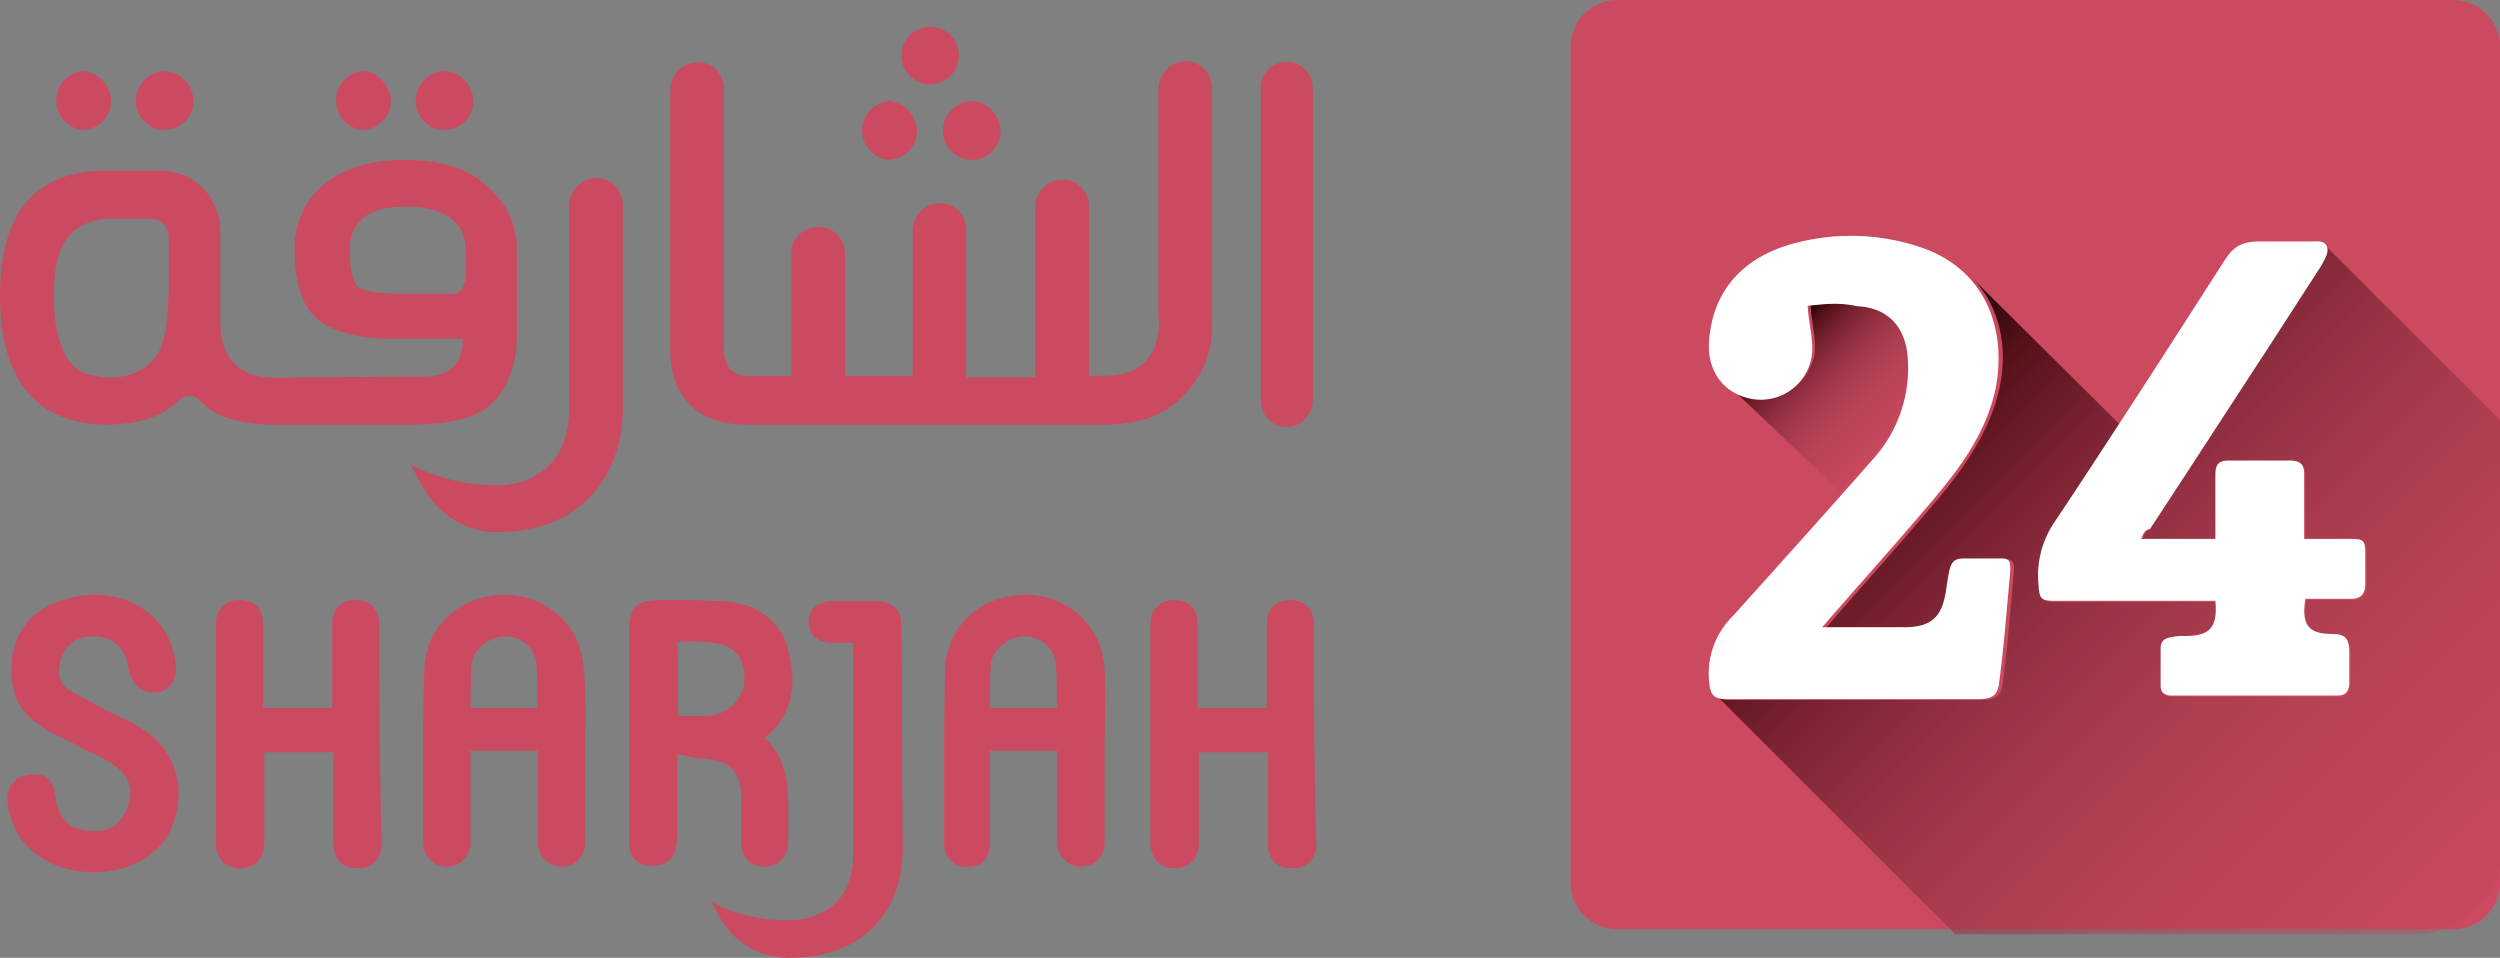 <svg id="Layer_1" data-name="Layer 1" xmlns="http://www.w3.org/2000/svg" xmlns:xlink="http://www.w3.org/1999/xlink" width="625.4" height="239.6" viewBox="0 0 625.4 239.6">
  <rect x="0" y="0" width="625.4" height="239.6" fill="#808080" stroke="none"/>
  <defs>
    <style>
      .cls-1 {
        fill: #cb4a5f;
      }

      .cls-2 {
        fill: url(#linear-gradient);
      }

      .cls-3 {
        fill: url(#linear-gradient-2);
      }

      .cls-4 {
        fill: #fff;
      }
    </style>
    <linearGradient id="linear-gradient" x1="467.21" y1="-764.36" x2="707.82" y2="-1004.97" gradientTransform="matrix(1, 0, 0, -1, 0, -685.4)" gradientUnits="userSpaceOnUse">
      <stop offset="0" stop-color="#651826"/>
      <stop offset="0.03" stop-opacity="0.92"/>
      <stop offset="0.09" stop-color="#400709" stop-opacity="0.87"/>
      <stop offset="0.17" stop-color="#631725" stop-opacity="0.79"/>
      <stop offset="0.26" stop-color="#7e2737" stop-opacity="0.7"/>
      <stop offset="0.35" stop-color="#943344" stop-opacity="0.61"/>
      <stop offset="0.45" stop-color="#a83b4e" stop-opacity="0.52"/>
      <stop offset="0.56" stop-color="#b74256" stop-opacity="0.42"/>
      <stop offset="0.67" stop-color="#c3475b" stop-opacity="0.31"/>
      <stop offset="0.81" stop-color="#c8495e" stop-opacity="0.18"/>
      <stop offset="1" stop-color="#cb4a5f" stop-opacity="0"/>
    </linearGradient>
    <linearGradient id="linear-gradient-2" x1="445.4" y1="-765.55" x2="491.87" y2="-812.02" xlink:href="#linear-gradient"/>
  </defs>
  <title>Sharjah 24</title>
  <g>
    <path class="cls-1" d="M404.6,232.5H613.7a11.7,11.7,0,0,0,11.7-11.7V11.7A11.7,11.7,0,0,0,613.7,0H404.6a11.7,11.7,0,0,0-11.7,11.7V220.8A11.7,11.7,0,0,0,404.6,232.5Z"/>
    <path class="cls-2" d="M625.4,105.1,581.8,61.5c.7,1.3-.7,3.3-1.3,4.6L566.8,87.3c-9.8,15-19.5,30-29.3,44.9a9.6,9.6,0,0,0-1.6,2.9h18.6v-16c0-2.9,1-3.6,3.6-3.6h15c2.6,0,3.6,1,3.6,3.3v16.3h10.4c4.9,0,4.9,0,4.9,4.9v6.2c0,2.6-1,3.9-3.6,3.9H577c-1,6.5.7,8.8,6.8,8.8,3.3,0,4.2,1.3,4.2,4.6V171c0,2.3-1,3.3-2.9,3.3H543.7c-2,0-2.9-.7-2.9-2.6v-9.1c0-2,1-2.6,2.6-2.9a14.6,14.6,0,0,1,3.6-.3c6.2,0,8.1-2.3,7.5-8.8H514.4c-3.9,0-3.9-.7-4.2-4.6a23.7,23.7,0,0,1,4.2-15.3c5.5-8.1,10.7-16.3,16-24.4L493.3,69.5c7.2,7.2,9.1,17.9,6.8,28s-8.5,19.2-15,27c-8.5,10.1-17.3,19.9-26.1,30-.7.7-1,1.3-2.3,2.6h20.6c6.8,0,9.4-2.6,10.4-9.1s1-8.1,4.6-8.1h9.1c2.9,0,2.6,1,2,7.5s-1.3,15.3-2.3,22.8c-.3,3.9-1.6,4.9-5.5,4.9H432.7a5.4,5.4,0,0,1-2.9-.7l59.3,59.3H603.7a22.5,22.5,0,0,0,22.5-22.5V105.1Z"/>
    <path class="cls-3" d="M439.1,99.6a10.7,10.7,0,0,1-6.8-3.3l28,26.7c2.9-3.3,5.5-6.2,8.5-9.4a33.9,33.9,0,0,0,8.5-25.7c-.7-7.5-5.2-12.1-12.7-12.4-4.2,0-8.5.7-11.7.7.3,4.9,1.6,8.8,1,12.7C452.2,96,445.7,100.6,439.1,99.6Z"/>
    <path class="cls-4" d="M452.2,76.5c.3,4.9,1.6,8.8,1,12.7a12.9,12.9,0,0,1-14.3,10.7c-7.2-1-11.7-6.5-11.4-14,.7-13,8.5-22.1,22.8-25.4a54.6,54.6,0,0,1,30,1.3c16.6,5.5,21.8,20.8,18.9,35.5-2.3,10.7-8.5,19.2-15,27-8.5,10.1-17.3,19.9-26.1,30-.7.7-1,1.3-2.3,2.6h20.6c6.8,0,9.4-2.6,10.4-9.1s1-8.1,4.6-8.1h9.1c2.9,0,2.6,1,2,7.5s-1.3,15.3-2.3,22.8c-.3,3.9-1.6,4.9-5.5,4.9H431.8c-2.9,0-3.9-1-4.2-3.9a20.2,20.2,0,0,1,5.9-16.9c11.7-13,23.5-26.1,35.2-39.4A33.9,33.9,0,0,0,477.2,89c-.7-7.5-5.2-12.1-12.7-12.4C459.7,75.5,455.4,76.2,452.2,76.5Z"/>
    <path class="cls-4" d="M535.6,134.8h18.6v-16c0-2.9,1-3.6,3.6-3.6h15c2.6,0,3.6,1,3.6,3.3v16.3h10.4c4.9,0,4.9,0,4.9,4.9v6.2c0,2.6-1,3.9-3.6,3.9H576.7c-1,6.5.7,8.8,6.8,8.8,3.3,0,4.2,1.3,4.2,4.6v7.5c0,2.3-1,3.3-2.9,3.3H543.4c-2,0-2.9-.7-2.9-2.6v-9.1c0-2,1-2.6,2.6-2.9a14.6,14.6,0,0,1,3.6-.3c6.2,0,8.1-2.3,7.5-8.8H514.1c-3.9,0-3.9-.7-4.2-4.6a23.7,23.7,0,0,1,4.2-15.3c14.3-21.5,28.3-43.3,42.3-65.1,2.3-3.6,4.2-4.9,9.1-4.9h12.7c1.6,0,3.3-.3,3.9,1.3s-.7,3.3-1.3,4.6L567.1,87.5c-9.8,15-19.5,30-29.3,44.9C536.5,132.5,536.2,133.5,535.6,134.8Z"/>
    <path class="cls-1" d="M101.1,40c-16.9,0-27.4,8.8-27.4,22.5,0,7.5,1.6,13,4.6,16.3s9.8,5.9,18.6,5.9h18.9c0,4.2-1.6,7.2-4.6,8.5s-4.9,1-9.8,1l-32.6.3c-9.1,0-13.7-4.9-13.7-14.3V57.7a14.9,14.9,0,0,0-15-15H26.7C8.8,42.7,0,53.1,0,74s9.1,32.2,26.7,32.2c8.1,0,14-2,17.9-5.9a3.7,3.7,0,0,1,5.5,0c3.6,3.9,9.8,5.9,18.2,5.9h34.9c8.5,0,14.7-1.3,18.6-4.2s7.5-9.4,7.5-17.6V62.8a20.2,20.2,0,0,0-6.5-15.3C118,42.3,110.5,40,101.1,40Zm-59,33.9c0,6.8-1,12.1-2.9,15s-5.9,5.5-11.4,5.5-9.4-1.6-11.4-5.5-2.9-8.1-2.9-15,1-10.7,2.9-13.7,5.9-5.5,11.4-5.5h9.8a4.5,4.5,0,0,1,4.6,4.6V73.9Zm74-3.3a2.9,2.9,0,0,1-2.9,2.9h-13c-5.5,0-9.1-.7-10.4-1.6s-2.3-4.2-2.3-9.1c0-7.5,4.6-11.1,14-11.1s15,3.6,15,11.1v7.8Z"/>
    <path class="cls-1" d="M142.4,102.2c0,11.7-6.8,19.2-18.2,19.2a47.4,47.4,0,0,1-21.5-5.2l2.3,4.2c3.6,7.5,10.7,12.7,19.2,12.7h0c9.8,0,17.6-2.9,23.1-8.5s8.5-13.4,8.5-22.5V51.3a6.6,6.6,0,0,0-8.5-6.5,7,7,0,0,0-4.9,6.5Z"/>
    <path class="cls-1" d="M232.7,21.1a7.3,7.3,0,0,0,7.2-7.2,7.2,7.2,0,0,0-14.4,0A7.2,7.2,0,0,0,232.7,21.1Z"/>
    <path class="cls-1" d="M222.2,40a7.3,7.3,0,0,0,7.2-7.2,7.6,7.6,0,0,0-7.2-7.5,7.4,7.4,0,0,0,0,14.7Z"/>
    <path class="cls-1" d="M235.9,32.8a7.2,7.2,0,0,0,14.4,0,7.6,7.6,0,0,0-7.2-7.5A7.4,7.4,0,0,0,235.9,32.8Z"/>
    <path class="cls-1" d="M290,79.7c0,9.4-4.6,14.3-13.7,14.3h-3.9V51.7a6.6,6.6,0,0,0-8.5-6.5,7,7,0,0,0-4.9,6.5V94.4H241.7V57.6a6.6,6.6,0,0,0-8.5-6.5,7,7,0,0,0-4.9,6.5V94.1H211.4V63.5a6.7,6.7,0,0,0-8.5-6.5,6.5,6.5,0,0,0-4.9,6.5V94.1H187.9c-4.6,0-6.8-2.3-6.8-6.8V22.2a6.5,6.5,0,0,0-8.8-6.2,6.7,6.7,0,0,0-4.6,6.2V88c0,10.7,6.5,18.2,18.6,18.2h90.5c8.1,0,14.7-2.3,19.2-7.2a24,24,0,0,0,7.2-17.9v-59a6.6,6.6,0,0,0-8.5-6.5,7,7,0,0,0-4.9,6.5V79.7Z"/>
    <path class="cls-1" d="M315.4,22.1v78.2a6.5,6.5,0,1,0,13,0V22.1a6.5,6.5,0,0,0-8.8-6.2A6.5,6.5,0,0,0,315.4,22.1Z"/>
    <path class="cls-1" d="M90.6,32.5a7.3,7.3,0,0,0,7.2-7.2,7.6,7.6,0,0,0-7.2-7.5,7.4,7.4,0,0,0,0,14.7Z"/>
    <path class="cls-1" d="M104,25.3a7.2,7.2,0,0,0,14.4,0,7.6,7.6,0,0,0-7.2-7.5A7.4,7.4,0,0,0,104,25.3Z"/>
    <path class="cls-1" d="M20.6,32.5a7.3,7.3,0,0,0,7.2-7.2,7.6,7.6,0,0,0-7.2-7.5,7.4,7.4,0,0,0,0,14.7Z"/>
    <path class="cls-1" d="M34,25.3a7.2,7.2,0,1,0,14.4,0,7.6,7.6,0,0,0-7.2-7.5A7.4,7.4,0,0,0,34,25.3Z"/>
    <path class="cls-1" d="M176.6,189.8c6.2.7,8.5,3.3,8.8,9.1v11.7c0,3.9,2.3,6.2,5.9,6.2h0c3.6,0,5.9-2.6,5.9-6.5v-8.8c0-5.5-.7-12.1-5.9-16.9,7.2-5.9,7.5-13,6.5-19.2-1.3-9.1-7.5-14.7-17.6-15-4.2-.3-8.5-.3-12.4-.3h-2.6c-5.9,0-7.8,2-7.8,7.2v54.4a5.2,5.2,0,0,0,5.5,4.9c3.3,0,5.5-1.3,6.2-4.6a14.6,14.6,0,0,0,.3-3.6V188.9H171A18.7,18.7,0,0,0,176.6,189.8Zm-7.1-29.3h2.3a33.7,33.7,0,0,1,8.5.7c5.5,1.3,5.9,6.2,5.9,8.8,0,4.9-4.2,8.8-9.4,9.1h-7.2Z"/>
    <path class="cls-1" d="M328.7,156.3c0-3.9-2.3-6.2-5.9-6.2-2,0-5.9.7-5.9,6.2v20.8H299.6V156.3c0-5.9-4.2-6.2-5.9-6.2-3.6,0-5.9,2.3-5.9,6.2v54.4c0,3.9,2.3,6.5,5.9,6.5h.3c1.6,0,5.9-.7,5.9-6.5V188.2h17.3v22.5c0,5.9,3.9,6.5,5.9,6.5h.3c3.6,0,5.9-2.3,5.9-6.5C328.7,192.4,328.7,174.5,328.7,156.3Z"/>
    <path class="cls-1" d="M94.9,156.3c0-3.9-2.3-6.2-5.9-6.2-2,0-5.9.7-5.9,6.2v20.8H65.8V156.3c0-5.9-4.2-6.2-5.9-6.2-3.6,0-5.9,2.3-5.9,6.2v54.4c0,3.9,2.3,6.5,5.9,6.5h.3c1.6,0,5.9-.7,5.9-6.5V188.2H83.4v22.5c0,5.9,3.9,6.5,5.9,6.5h.3c3.6,0,5.9-2.3,5.9-6.5C94.9,192.4,94.9,174.5,94.9,156.3Z"/>
    <path class="cls-1" d="M276.3,167c-.7-10.4-9.1-18.2-19.9-18.2s-19.5,7.8-19.9,18.2c-.3,6.2-.3,18.2-.3,18.2v25.7a5.5,5.5,0,0,0,5.9,5.9c3.6,0,5.5-2,5.5-5.9V187.8h16.9v23.1a5.9,5.9,0,0,0,11.8,0V185.2S276.6,173.2,276.3,167Zm-28.7,10.1c0-1,0-8.1.3-11.1s3.6-6.5,8.1-6.8a7.7,7.7,0,0,1,8.1,6.8c.3,2.9.3,10.1.3,11.1Z"/>
    <path class="cls-1" d="M146,167c-.7-10.4-9.1-18.2-19.9-18.2s-19.5,7.8-19.9,18.2c-.3,6.2-.3,18.2-.3,18.2v25.7a5.9,5.9,0,0,0,11.8,0V187.8h16.9v23.1a5.9,5.9,0,1,0,11.8,0V185.2S146.7,173.2,146,167Zm-28.3,10.1c0-1,0-8.1.3-11.1s3.6-6.5,8.1-6.8a7.7,7.7,0,0,1,8.1,6.8c.3,2.9.3,10.1.3,11.1Z"/>
    <path class="cls-1" d="M225.5,156.3c0-3.6-2.3-5.9-6.2-5.9H208.2c-3.6,0-5.9,2-5.9,5.2s2.3,5.2,5.9,5.2h5.2v53.4c0,9.8-6.2,16-16.3,16a40.6,40.6,0,0,1-19.2-4.6l2,3.6a19.6,19.6,0,0,0,17.3,10.4h0c8.8,0,15.6-2.3,20.8-7.2s7.8-11.7,7.8-19.9l-.3-56.2Z"/>
    <path class="cls-1" d="M35.6,182.3c-2.3-1.3-4.6-2.6-6.8-3.6a16.6,16.6,0,0,1-3.3-1.6,8.9,8.9,0,0,1-2.3-1.3l-5.5-2.9a5.4,5.4,0,0,1-2.9-5.9c.7-4.9,3.6-7.8,8.5-7.8s8.1,2.9,8.8,7.8,4.2,6.2,5.9,6.2h1c3.6-.3,5.5-3.3,4.9-7.5-1.3-10.1-9.4-16.9-20.2-16.9a22.4,22.4,0,0,0-6.8,1c-7.8,2-12.4,6.8-13.7,13.7-1.3,8.5,1,14.3,7.2,18.2a45.2,45.2,0,0,0,6.5,3.6,11.8,11.8,0,0,1,2.9,1.6c1,.3,2,1,2.9,1.3a27.5,27.5,0,0,1,5.9,3.3c3.9,2.6,5.2,6.8,2.9,11.4s-5.2,5.2-9.8,4.9-7.2-3.6-7.8-8.5-2.9-5.9-6.5-5.5-5.9,2.9-5.5,6.8c1,10.4,9.4,17.3,21.2,17.6h.3c9.4,0,17.3-4.6,19.9-12.1C46.7,196.7,43.7,187.5,35.6,182.3Z"/>
  </g>
</svg>

» **What you should do**: Transcribe the entries from their first line to the line that holds "</linearGradient>", both included, and skip every picture.

» **Result of the task**:
 <svg id="Layer_1" data-name="Layer 1" xmlns="http://www.w3.org/2000/svg" xmlns:xlink="http://www.w3.org/1999/xlink" width="625.4" height="239.6" viewBox="0 0 625.4 239.6">
  <rect x="0" y="0" width="625.4" height="239.6" fill="#808080" stroke="none"/>
  <defs>
    <style>
      .cls-1 {
        fill: #cb4a5f;
      }

      .cls-2 {
        fill: url(#linear-gradient);
      }

      .cls-3 {
        fill: url(#linear-gradient-2);
      }

      .cls-4 {
        fill: #fff;
      }
    </style>
    <linearGradient id="linear-gradient" x1="467.21" y1="-764.36" x2="707.82" y2="-1004.97" gradientTransform="matrix(1, 0, 0, -1, 0, -685.4)" gradientUnits="userSpaceOnUse">
      <stop offset="0" stop-color="#651826"/>
      <stop offset="0.03" stop-opacity="0.92"/>
      <stop offset="0.09" stop-color="#400709" stop-opacity="0.87"/>
      <stop offset="0.17" stop-color="#631725" stop-opacity="0.79"/>
      <stop offset="0.26" stop-color="#7e2737" stop-opacity="0.7"/>
      <stop offset="0.35" stop-color="#943344" stop-opacity="0.61"/>
      <stop offset="0.45" stop-color="#a83b4e" stop-opacity="0.52"/>
      <stop offset="0.56" stop-color="#b74256" stop-opacity="0.42"/>
      <stop offset="0.67" stop-color="#c3475b" stop-opacity="0.31"/>
      <stop offset="0.81" stop-color="#c8495e" stop-opacity="0.18"/>
      <stop offset="1" stop-color="#cb4a5f" stop-opacity="0"/>
    </linearGradient>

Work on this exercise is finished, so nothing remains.